Be bigger than your brand

Consumers today expect a lot out of brands. Beyond quality and reliability, they want utility and higher order benefits. In pharma, that means if you can’t cure what ails them, you can find ways to cure the challenges the come with the ailment.

Wavio “See Sound”

This brilliant product was actually created by an ad agency to address an unmet need in the deaf community. The device helps deaf people actually see noise by using AI technology to recognize over 70 different sounds (fire alarm, doorbell, a crying baby) and send a text message to a smart device.

Eli Lilly “Get Up Alarm Clock”

For cancer patients going through chemotherapy, there are days when it can be hard finding the motivation to just get out of bed. While Eli Lily certainly has products to help fight the disease, they recognized that there was so much more to the patients’ lives. So, they created an alarm clock that projects words and images of loved ones on the ceiling, providing every patient a reason to get up each day and keep fighting.

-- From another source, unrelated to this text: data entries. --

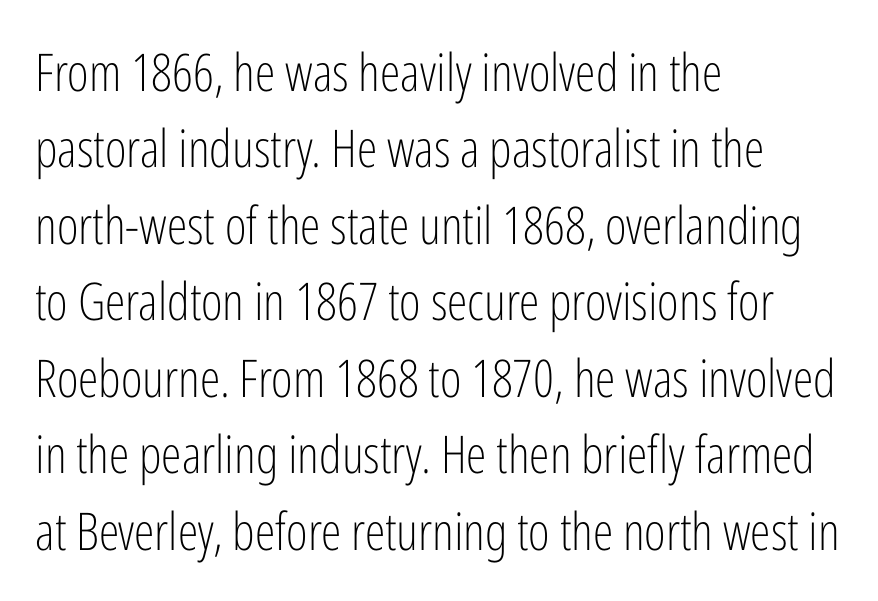
Q: Is the text bold? A: No.
Q: Is the text italic (slanted)? A: No, it is upright.
Q: Is the typeface a serif or a sans-serif typeface? A: Sans-serif.
Q: Is the text underlined? A: No.
Q: How is the paragraph aligned? A: Left-aligned.
Q: Is the spacing between letters normal or unusually wide? A: Normal.
Q: Is the spacing between lines tight, normal or loose? A: Normal.
Q: Width (condensed, normal, or wide)? A: Condensed.
Q: Stroke contrast? A: Low.
Q: x-height? A: Medium.
Q: Monospaced? A: No.
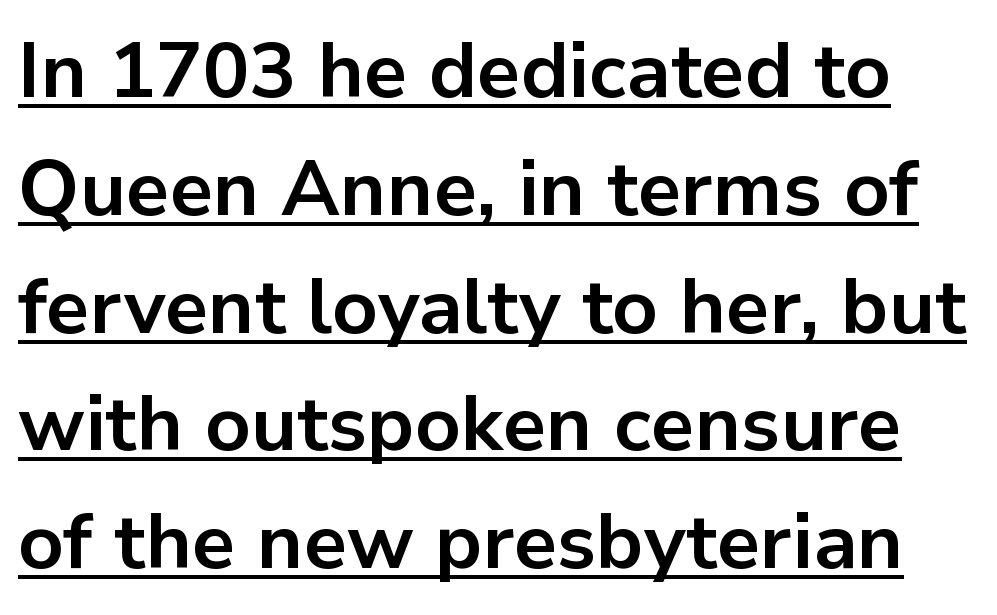
Bold? Absolutely — the strokes are thick and heavy. How are the letters spaced? Ordinarily, with no added tracking. What decoration does the sample have? An underline. Varying glyph widths throughout — classic text-font behaviour. Whoever set this chose a conventional vertical rhythm.
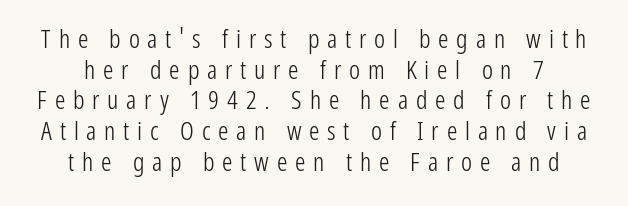
The image shows 26 px text type, upright; set line spacing 1.18x, unusually wide letter spacing (+0.3 em), not underlined.
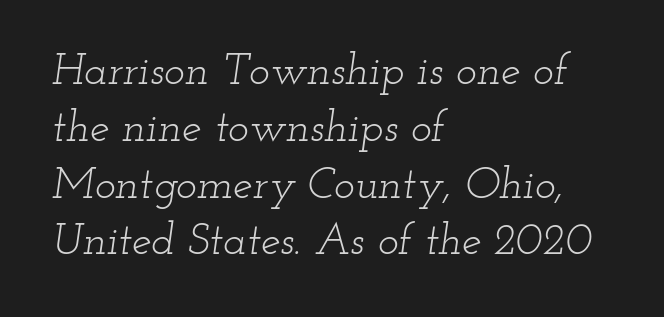
Q: Is the text bold? A: No.
Q: Is the text italic (slanted)? A: Yes, it leans right by about 12 degrees.
Q: Is the typeface a serif or a sans-serif typeface? A: Serif.
Q: Is the text underlined? A: No.
Q: How is the paragraph aligned? A: Left-aligned.
Q: Is the spacing between letters normal or unusually wide? A: Normal.
Q: Is the spacing between lines tight, normal or loose? A: Normal.
Q: Width (condensed, normal, or wide)? A: Wide.
Q: Stroke contrast? A: Low.
Q: x-height? A: Small.
Q: Monospaced? A: No.
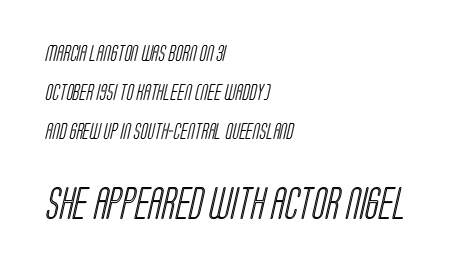
The passage is arranged the way most books set body copy — flush left. The letters advance in unequal steps, a hallmark of proportional type. Each row of text sits above clean, open space. Glyph-to-glyph distance matches everyday printed text. Bigger letters appear in the bottom chunk; the top chunk is reduced. Leading: increased.
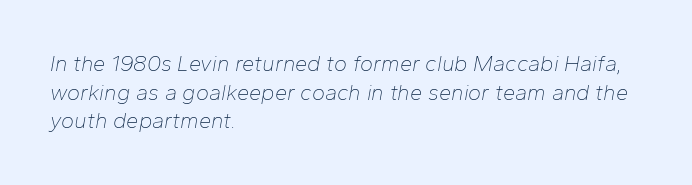
Q: Is the text bold? A: No.
Q: Is the text italic (slanted)? A: Yes, it leans right by about 10 degrees.
Q: Is the text underlined? A: No.
Q: How is the paragraph aligned? A: Left-aligned.
Q: Is the spacing between letters normal or unusually wide? A: Normal.
Q: Is the spacing between lines tight, normal or loose? A: Normal.
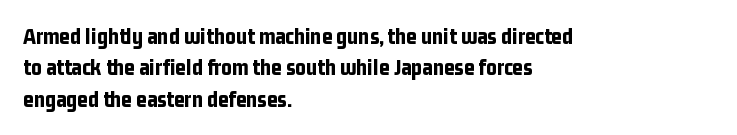
The image shows 23 px bold type, upright; set left-aligned, normal line spacing (1.36x), normal letter spacing, not underlined.
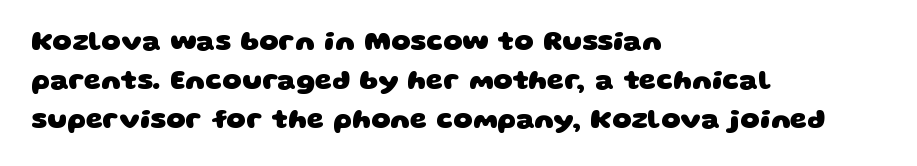
{"bold": "yes", "underline": "no", "align": "left", "line_spacing": "normal", "line_spacing_ratio": 1.45, "letter_spacing": "normal", "letter_spacing_em": 0.0, "glyph_px": 27}
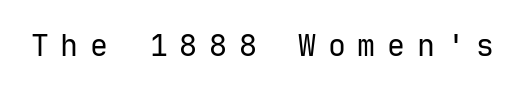
Q: Is the text bold? A: No.
Q: Is the text italic (slanted)? A: No, it is upright.
Q: Is the typeface a serif or a sans-serif typeface? A: Sans-serif.
Q: Is the text underlined? A: No.
Q: Is the spacing between letters normal or unusually wide? A: Unusually wide.
Q: Width (condensed, normal, or wide)? A: Normal.
Q: Stroke contrast? A: Low.
Q: x-height? A: Medium.
Q: Monospaced? A: Yes.
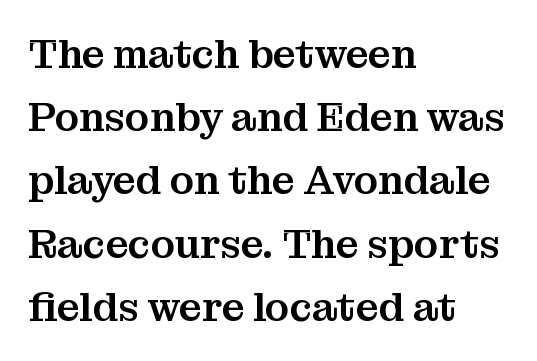
The image shows 40 px serif type, upright; set left-aligned, normal line spacing (1.58x), normal letter spacing, not underlined; medium stroke contrast and a medium x-height.
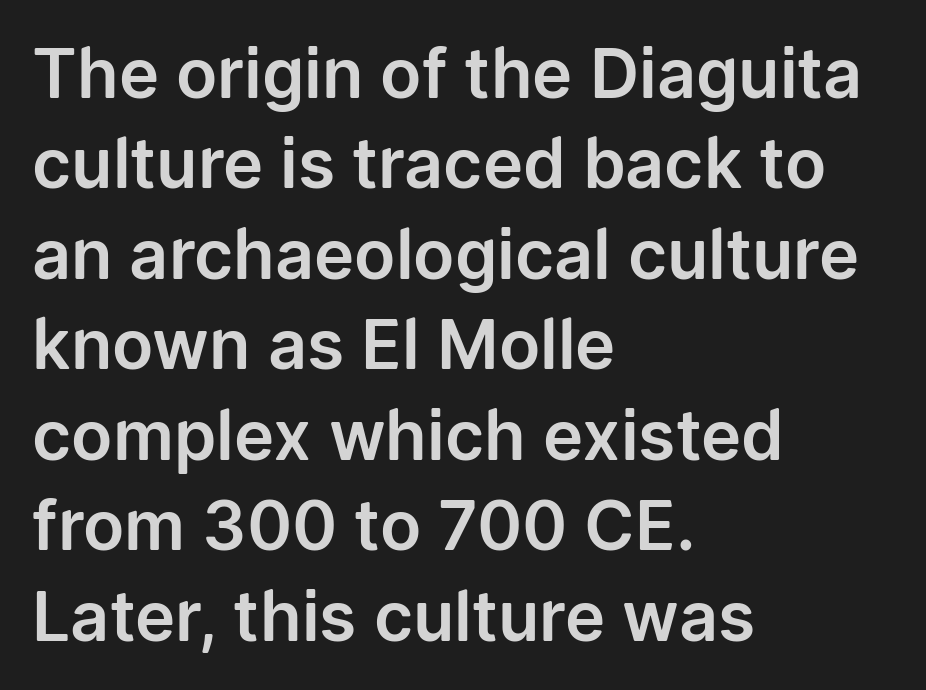
{"serif": "no", "italic": "no", "width": "normal", "stroke_contrast": "low", "x_height": "medium", "monospaced": "no", "underline": "no", "align": "left", "line_spacing": "normal", "line_spacing_ratio": 1.33, "letter_spacing": "normal", "letter_spacing_em": 0.0, "glyph_px": 68}
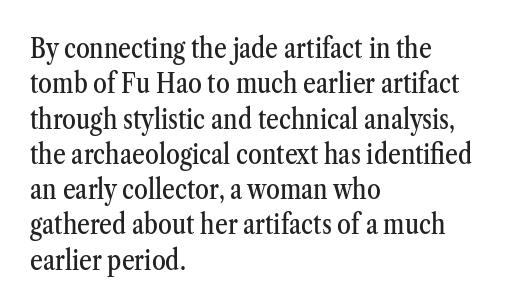
Q: Is the text italic (slanted)? A: No, it is upright.
Q: Is the typeface a serif or a sans-serif typeface? A: Serif.
Q: Is the text underlined? A: No.
Q: How is the paragraph aligned? A: Left-aligned.
Q: Is the spacing between letters normal or unusually wide? A: Normal.
Q: Is the spacing between lines tight, normal or loose? A: Normal.
Q: Width (condensed, normal, or wide)? A: Condensed.
Q: Stroke contrast? A: Medium.
Q: x-height? A: Medium.
Q: Monospaced? A: No.
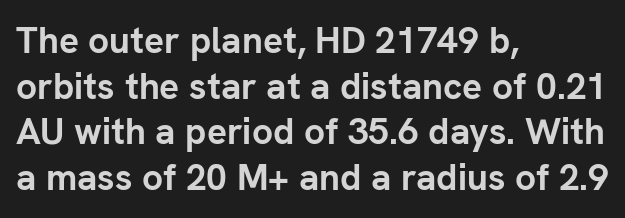
The image shows 37 px semibold sans-serif type, upright; set left-aligned, line spacing 1.23x, normal letter spacing, not underlined; low stroke contrast and a medium x-height.
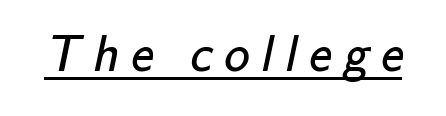
{"serif": "no", "bold": "no", "weight": "regular", "width": "normal", "stroke_contrast": "low", "x_height": "small", "monospaced": "no", "underline": "yes", "letter_spacing": "wide", "letter_spacing_em": 0.23, "glyph_px": 51}
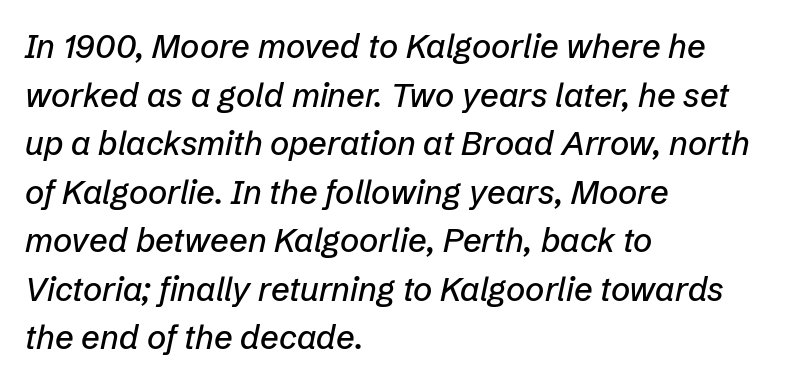
Q: Is the text italic (slanted)? A: Yes, it leans right by about 12 degrees.
Q: Is the text underlined? A: No.
Q: How is the paragraph aligned? A: Left-aligned.
Q: Is the spacing between letters normal or unusually wide? A: Normal.
Q: Is the spacing between lines tight, normal or loose? A: Normal.
Q: Width (condensed, normal, or wide)? A: Normal.
Q: Stroke contrast? A: Low.
Q: x-height? A: Medium.
Q: Monospaced? A: No.
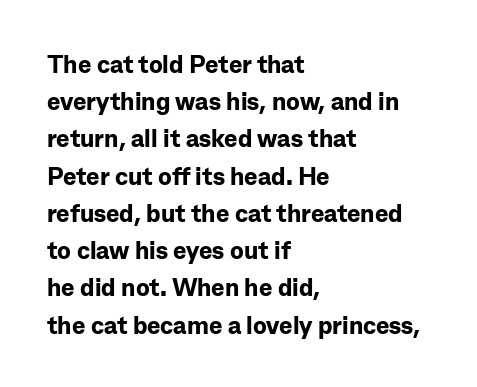
Q: Is the text bold? A: Yes.
Q: Is the text italic (slanted)? A: No, it is upright.
Q: Is the text underlined? A: No.
Q: How is the paragraph aligned? A: Left-aligned.
Q: Is the spacing between letters normal or unusually wide? A: Normal.
Q: Is the spacing between lines tight, normal or loose? A: Normal.
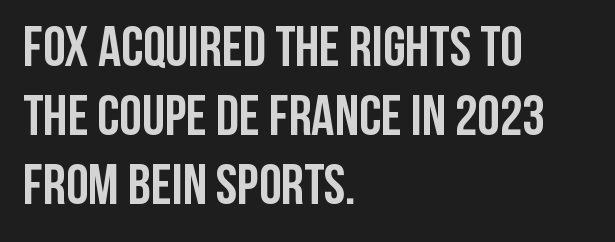
{"serif": "no", "italic": "no", "bold": "yes", "weight": "semibold", "width": "condensed", "stroke_contrast": "low", "x_height": "large", "monospaced": "no", "underline": "no", "align": "left", "line_spacing_ratio": 1.21, "letter_spacing": "normal", "letter_spacing_em": 0.0, "glyph_px": 57}
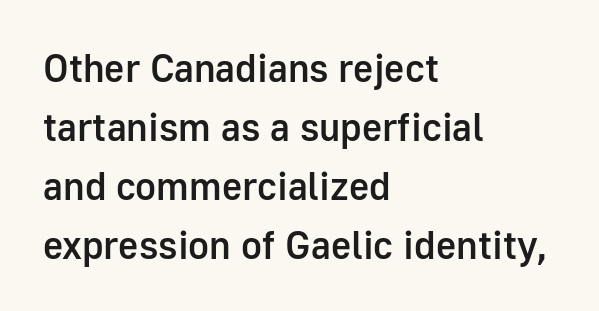
Anything drawn beneath the words? Only blank space. The block of text has a typical density, with ordinary space between rows. Think of a printed novel: that variable character pitch is what you see here. Stroke thickness is moderately raised; the sample reads as semibold.
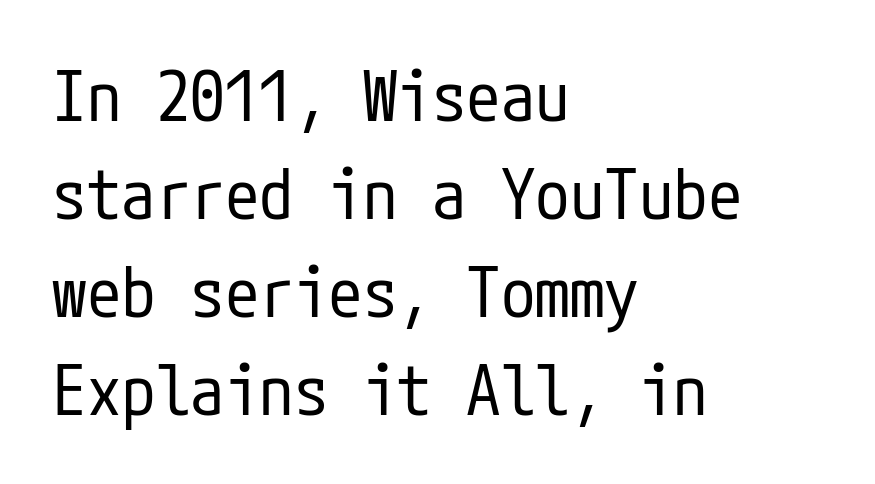
Q: Is the text bold? A: No.
Q: Is the text italic (slanted)? A: No, it is upright.
Q: Is the typeface a serif or a sans-serif typeface? A: Sans-serif.
Q: Is the text underlined? A: No.
Q: How is the paragraph aligned? A: Left-aligned.
Q: Is the spacing between letters normal or unusually wide? A: Normal.
Q: Is the spacing between lines tight, normal or loose? A: Normal.
Q: Width (condensed, normal, or wide)? A: Condensed.
Q: Stroke contrast? A: Low.
Q: x-height? A: Medium.

There were many more themes coming out of the south of France that could be applicable to our day-to-day work – accessibility, inclusivity, humanity, empathy, sustainability, equality, partnership. The above is meant as thought starters and the beginnings of conversations. I hope you enjoyed them and found them inspiring.

And for those who have never been to Cannes, I highly encourage you to go sometime. I promise you it’s not a boondoggle. It is some of the most inspiring, motivating, thought-provoking time you will spend in this business.